Since everybody has right to quality life and death is a process of life, euthanasia ensures that dying patients receive quality life during their death. Denying them the right to die amounts to violation of their autonomy as rational beings, and hence, degrade their quality of life and reduce their dignity in the face of death. In this view, healthcare providers need to consider quality of life, burden of care, the decision of a patient, and interests of the parties involved before undertaking euthanasia. The opposing arguments such as the slippery slope, sacredness of life, and violation of medical ethics do not warrant illegalization of euthanasia as appropriate safeguards are in place to prevent abuse.

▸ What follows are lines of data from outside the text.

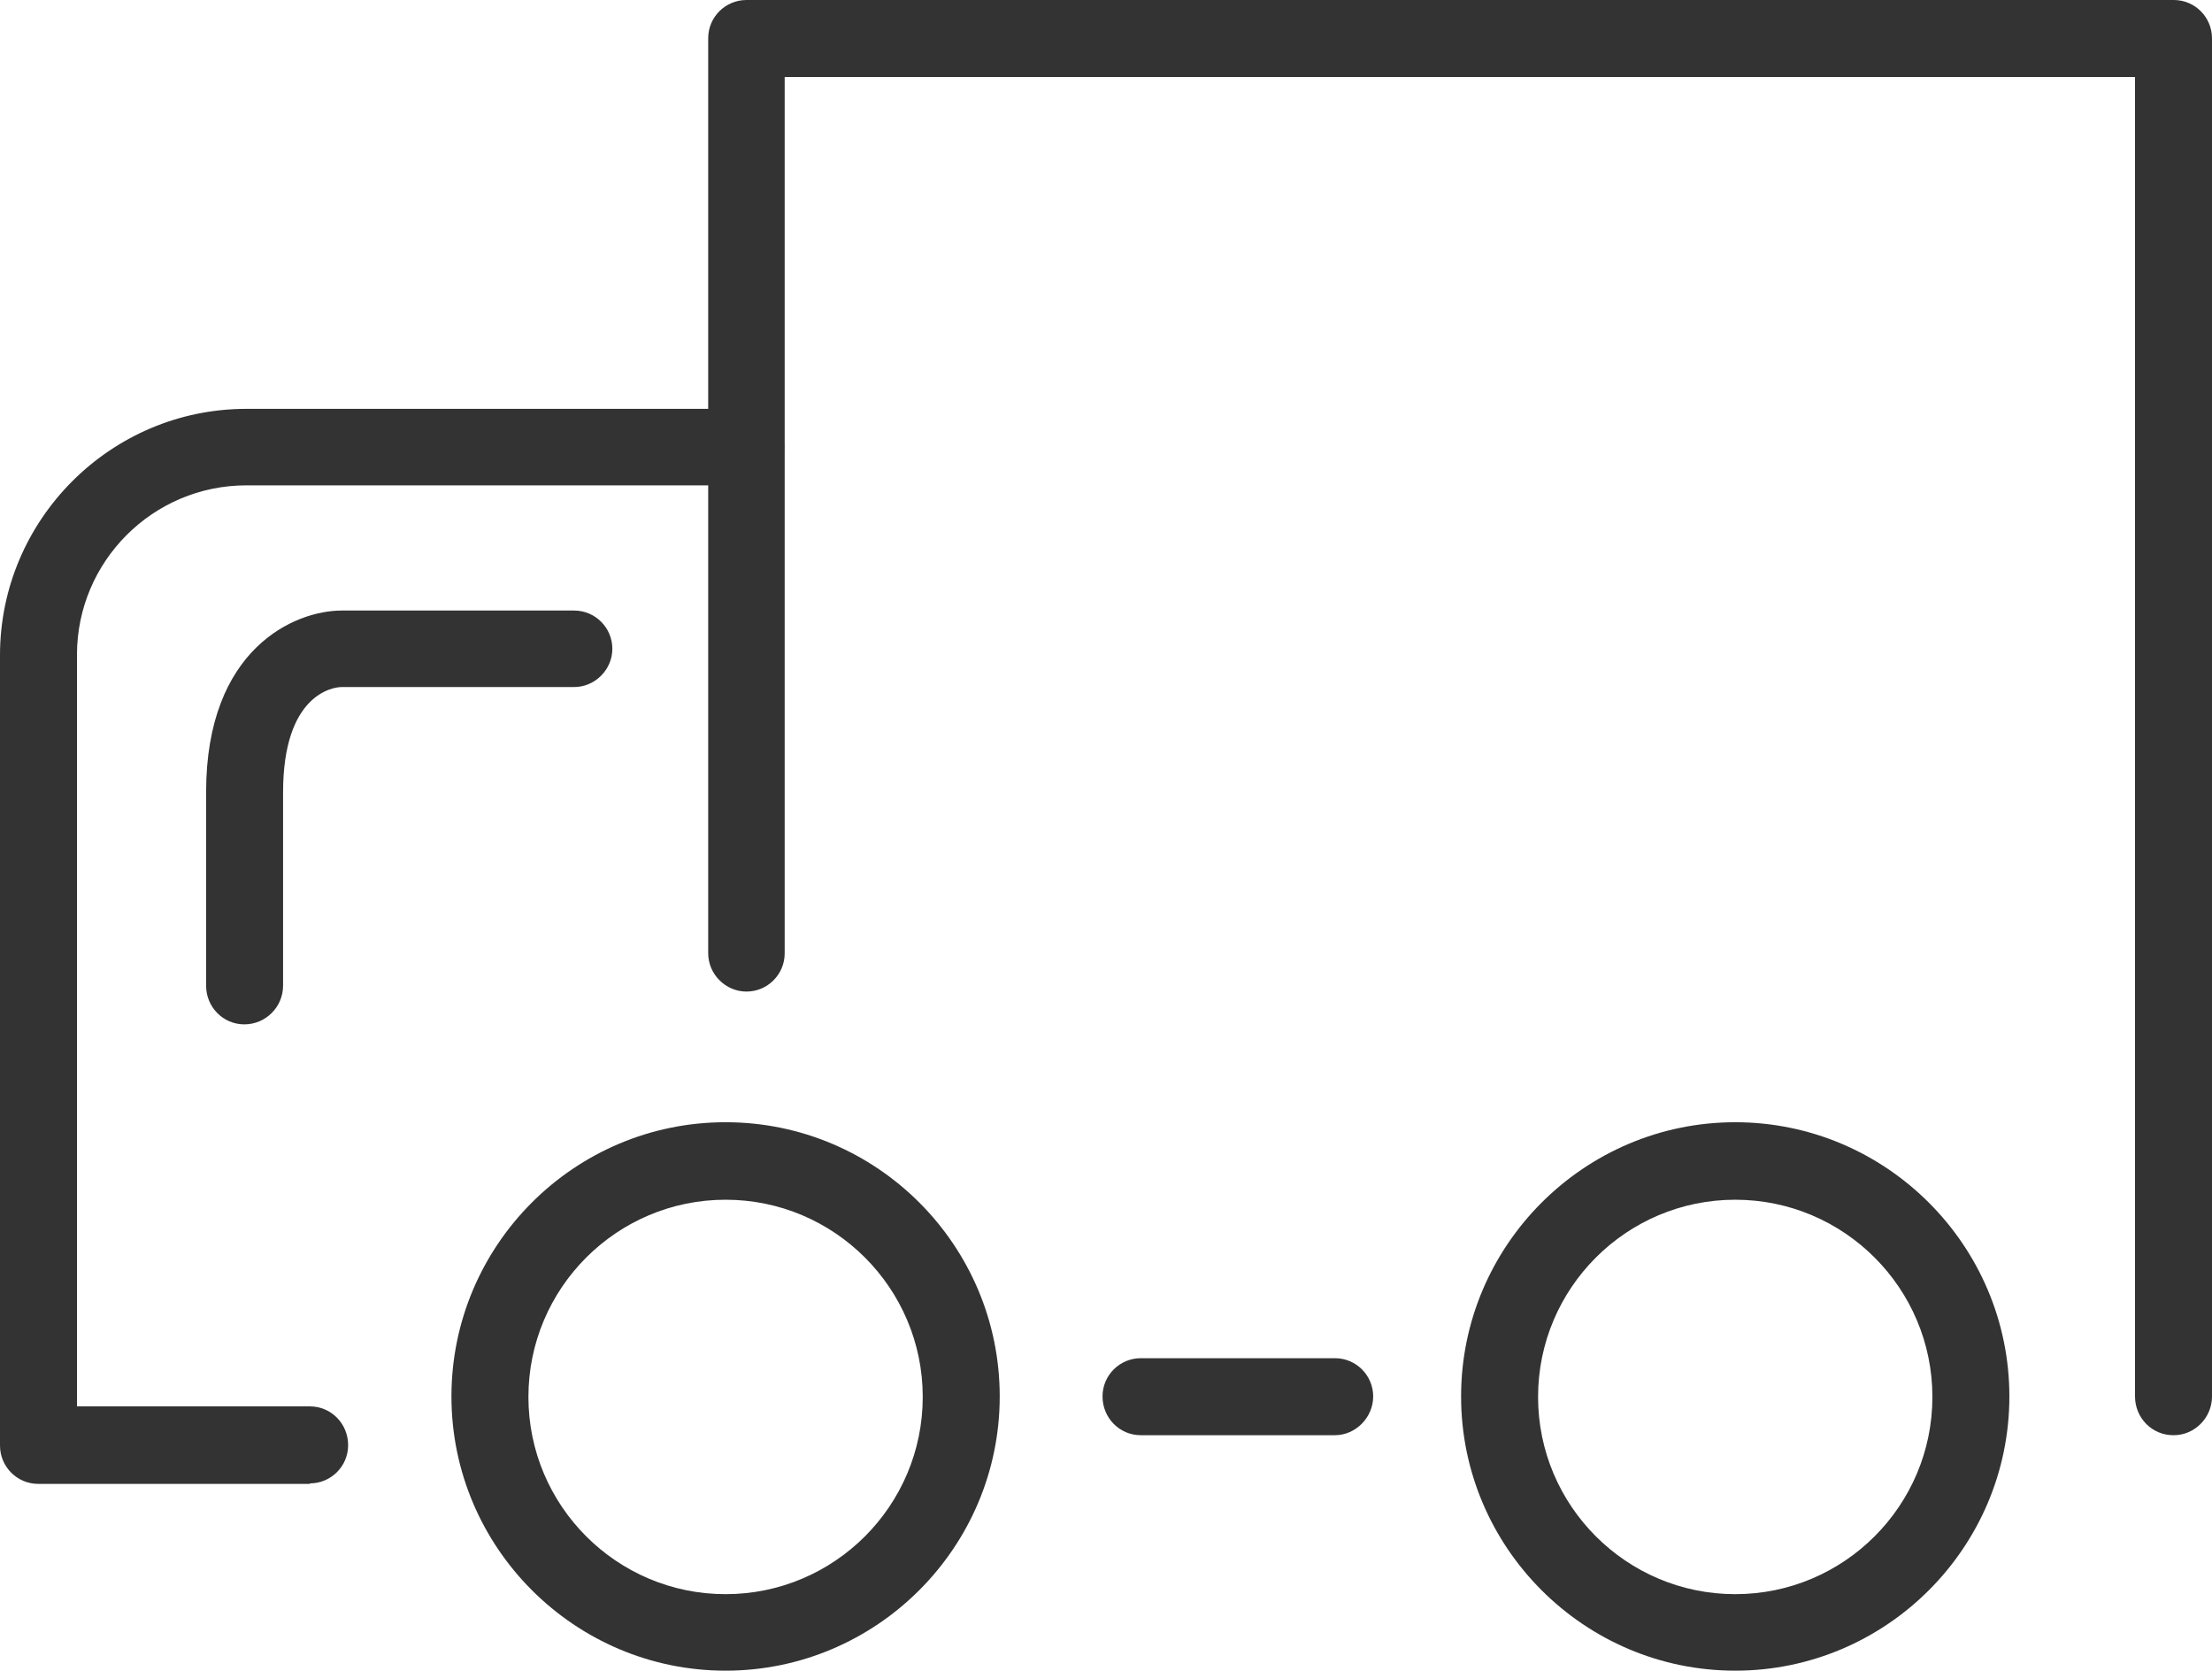 <?xml version="1.0" encoding="UTF-8"?>
<svg id="Layer_2" data-name="Layer 2" xmlns="http://www.w3.org/2000/svg" viewBox="0 0 44.54 33.63">
  <defs>
    <style>
      .cls-1 {
        fill: #333;
      }
    </style>
  </defs>
  <g id="_コンテンツ" data-name="コンテンツ">
    <g>
      <path class="cls-1" d="M26.88,28.89h-3.91c-.43,0-.77-.35-.77-.78s.35-.77.77-.77h3.91c.43,0,.77.35.77.77s-.35.78-.77.78h0Z"/>
      <path class="cls-1" d="M43.76,28.89c-.43,0-.77-.35-.77-.78V1.55H15.8v17.64c0,.43-.35.77-.77.77s-.77-.35-.77-.77V.77c0-.43.35-.77.77-.77h28.74c.43,0,.77.35.77.77v27.34c0,.43-.35.78-.77.78h0Z"/>
      <path class="cls-1" d="M6.24,29.87H.77c-.43,0-.77-.35-.77-.77v-15.91c0-2.73,2.23-4.96,4.96-4.96h10.06c.43,0,.77.35.77.77s-.35.77-.77.77H4.96c-1.88,0-3.41,1.53-3.41,3.41v15.13h4.69c.43,0,.77.35.77.78s-.35.77-.77.77h0Z"/>
      <path class="cls-1" d="M14.61,33.63c-3.04,0-5.52-2.48-5.52-5.52s2.47-5.52,5.52-5.52,5.52,2.48,5.52,5.52-2.48,5.52-5.52,5.52h0ZM14.61,24.15c-2.19,0-3.97,1.78-3.97,3.97s1.78,3.97,3.97,3.97,3.97-1.78,3.97-3.97-1.78-3.97-3.97-3.97h0Z"/>
      <path class="cls-1" d="M34.94,33.63c-3.04,0-5.52-2.48-5.52-5.52s2.48-5.52,5.52-5.52,5.52,2.48,5.52,5.52-2.48,5.52-5.52,5.52h0ZM34.94,24.15c-2.19,0-3.97,1.78-3.97,3.97s1.78,3.97,3.97,3.97,3.97-1.78,3.97-3.97-1.78-3.97-3.97-3.97h0Z"/>
      <path class="cls-1" d="M4.92,20.62c-.43,0-.77-.35-.77-.78v-3.89c0-2.9,1.79-3.66,2.73-3.66h4.68c.43,0,.77.35.77.77s-.35.77-.77.77h-4.68c-.18,0-1.18.15-1.18,2.12v3.89c0,.43-.35.78-.78.78h0Z"/>
    </g>
  </g>
</svg>

Benatar, D. (2011). A legal right to die: responding to slippery slope and abuse arguments. Current Oncology, 18(5), 206-207.

Gardner, D. (2012). Quality in life and death: Can we have the conversations? Health Policy and Politics. Nursing Economics, 30(4), 224-232.

Friend, M. (2011). Physician-assisted suicide: Death with dignity? Journal of Nursing Law, 14(3), 110-116.

Math, S., & Chaturvedi, S. (2012). Euthanasia: Right to life versus right to die. Indian Journal of Medical Research, 136(6), 899-902.

Pereira, J. (2011). Legalizing euthanasia or assisted suicide: The illusion of safeguards and controls. Current Oncology, 18(2), 38-45.

Schafer, A. (2013). Physician assisted suicide: The great Canadian euthanasia debate. International Journal of Law and Psychiatry, 36(5), 522-531.